There is another odd thing in some of the 2.5 ext3 results. Several of the
kernels show a jump in throughput at 256 threads.

Sequential Writes
Num Avg Maximum Lat% Lat% CPU
Identifier Thr Rate (CPU%) Latency Latency >2s >10s Eff
------------ --- ------ ------ --------- ----------- -------- -------- -----
2.5.56 1 53.17 69.99% 0.194 36612.36 0.00029 0.00005 76
2.5.56 2 2.53 4.728% 7.549 1219600.59 0.05112 0.00205 53
2.5.56 4 2.58 73.97% 15.141 823168.02 0.05078 0.01531 3
2.5.56 8 2.67 179.9% 29.981 641722.67 0.07091 0.04382 1
2.5.56 16 3.34 136.6% 47.075 1416051.92 0.11807 0.09304 2
2.5.56 32 2.93 124.8% 100.112 1842078.09 0.18826 0.14262 2
2.5.56 64 3.66 37.46% 147.693 4216304.67 0.12394 0.06661 10
2.5.56 128 4.01 17.11% 237.592 4194864.65 0.10777 0.05642 23
2.5.56 256 12.64 48.78% 353.895 3741404.43 0.10434 0.05335 26

2.4 has a more gentle degradation in throughput and max latency for seq writes
on ext3:

Sequential Writes
Num Avg Maximum Lat% Lat% CPU
Identifier Thr Rate (CPU%) Latency Latency >2s >10s Eff
------------- --- ------ ------ --------- ----------- -------- -------- -----
2.4.20-pre10 1 37.71 56.08% 0.288 4315.58 0.00000 0.00000 67
2.4.20-pre10 2 33.01 98.65% 0.592 5517.10 0.00010 0.00000 33
2.4.20-pre10 4 30.83 153.3% 1.162 3684.74 0.00000 0.00000 20
2.4.20-pre10 8 24.86 126.9% 2.523 7436.22 0.00058 0.00000 20
2.4.20-pre10 16 21.21 104.0% 4.893 9132.94 0.00992 0.00000 20
2.4.20-pre10 32 18.14 97.27% 10.394 13451.42 0.09843 0.00000 19
2.4.20-pre10 64 15.63 90.39% 22.679 18888.44 0.39897 0.00000 17
2.4.20-pre10 128 12.03 78.06% 54.387 31156.69 1.12638 0.00038 15
2.4.20-pre10 256 9.94 71.13% 134.323 61604.97 2.87437 0.03022 14

--
Randy Hron
http://home.earthlink.net/~rwhron/kernel/bigbox.html


2003-01-16 06:21:18

by Andrew Morton

[permalink] [raw]
Subject: Re: big ext3 sequential write improvement in 2.5.51-mm1 gone in 2.5.53-mm1?

[email protected] wrote:
>
> On a quad xeon running tiobench...
> The throughput and max latency for ext3 sequential writes
> looks very good when threads >= 2 on 2.5.51-mm1.
>
> Did 2.5.51-mm1 mount ext3 as ext2? I have ext2 logs for
> 2.5.51-mm1 and they look similar to the ext3 results.
> The other 2.5 kernels from around that time look more
> like 2.5.53-mm1.
>

Dunno. There have been about 7,000 different versions of the I/O scheduler
in that time and it seems a bit prone to butterfly effects.
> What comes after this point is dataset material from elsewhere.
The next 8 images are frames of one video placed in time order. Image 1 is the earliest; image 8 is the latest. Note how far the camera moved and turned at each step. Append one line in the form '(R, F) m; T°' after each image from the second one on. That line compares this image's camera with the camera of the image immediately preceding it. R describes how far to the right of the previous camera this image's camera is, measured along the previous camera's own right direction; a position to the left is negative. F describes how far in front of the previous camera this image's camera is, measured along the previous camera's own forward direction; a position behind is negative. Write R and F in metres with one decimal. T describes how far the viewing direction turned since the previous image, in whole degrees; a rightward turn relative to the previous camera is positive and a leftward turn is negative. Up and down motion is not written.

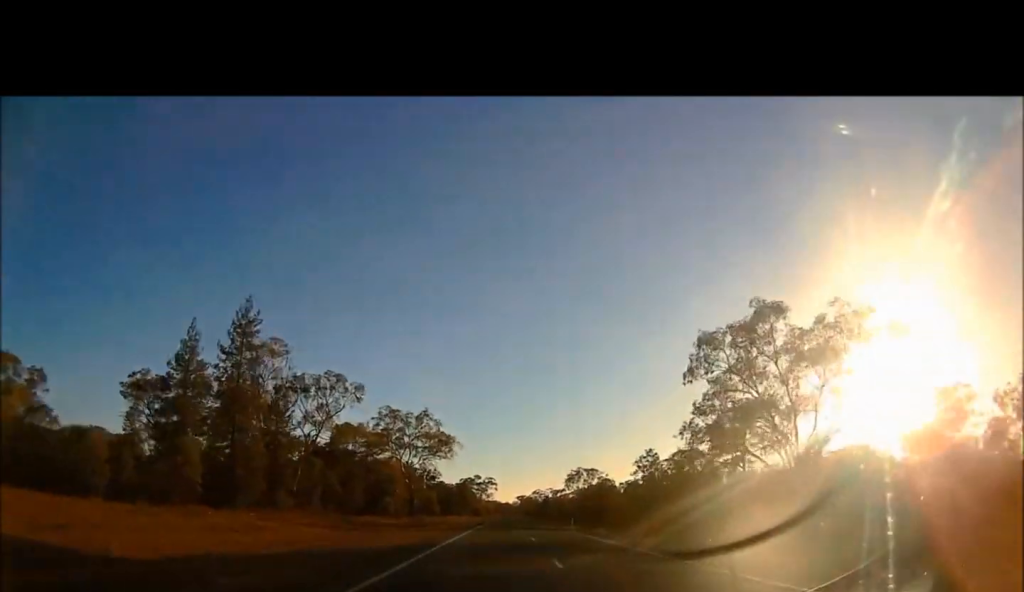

Or maybe you accidentally ran the 2.5.51-mm1 tests on uniprocessor?
Multithreaded tiobench on SMP brings out the worst behaviour in the ext2 and
ext3 block allocators. Look:

<start tiobench>
<wait a while>
<kill it all off>

quad:/mnt/sde5/tiobench> ls -ltr
...
-rw------- 1 akpm akpm 860971008 Jan 15 22:02 _956_tiotest.0
-rw------- 1 akpm akpm 840470528 Jan 15 22:03 _956_tiotest.1

OK, 800 megs.

quad:/mnt/sde5/tiobench> 0 bmap _956_tiotest.0|wc
199224 597671 6751187

wtf? It's taking 200,000 separate chunks of disk.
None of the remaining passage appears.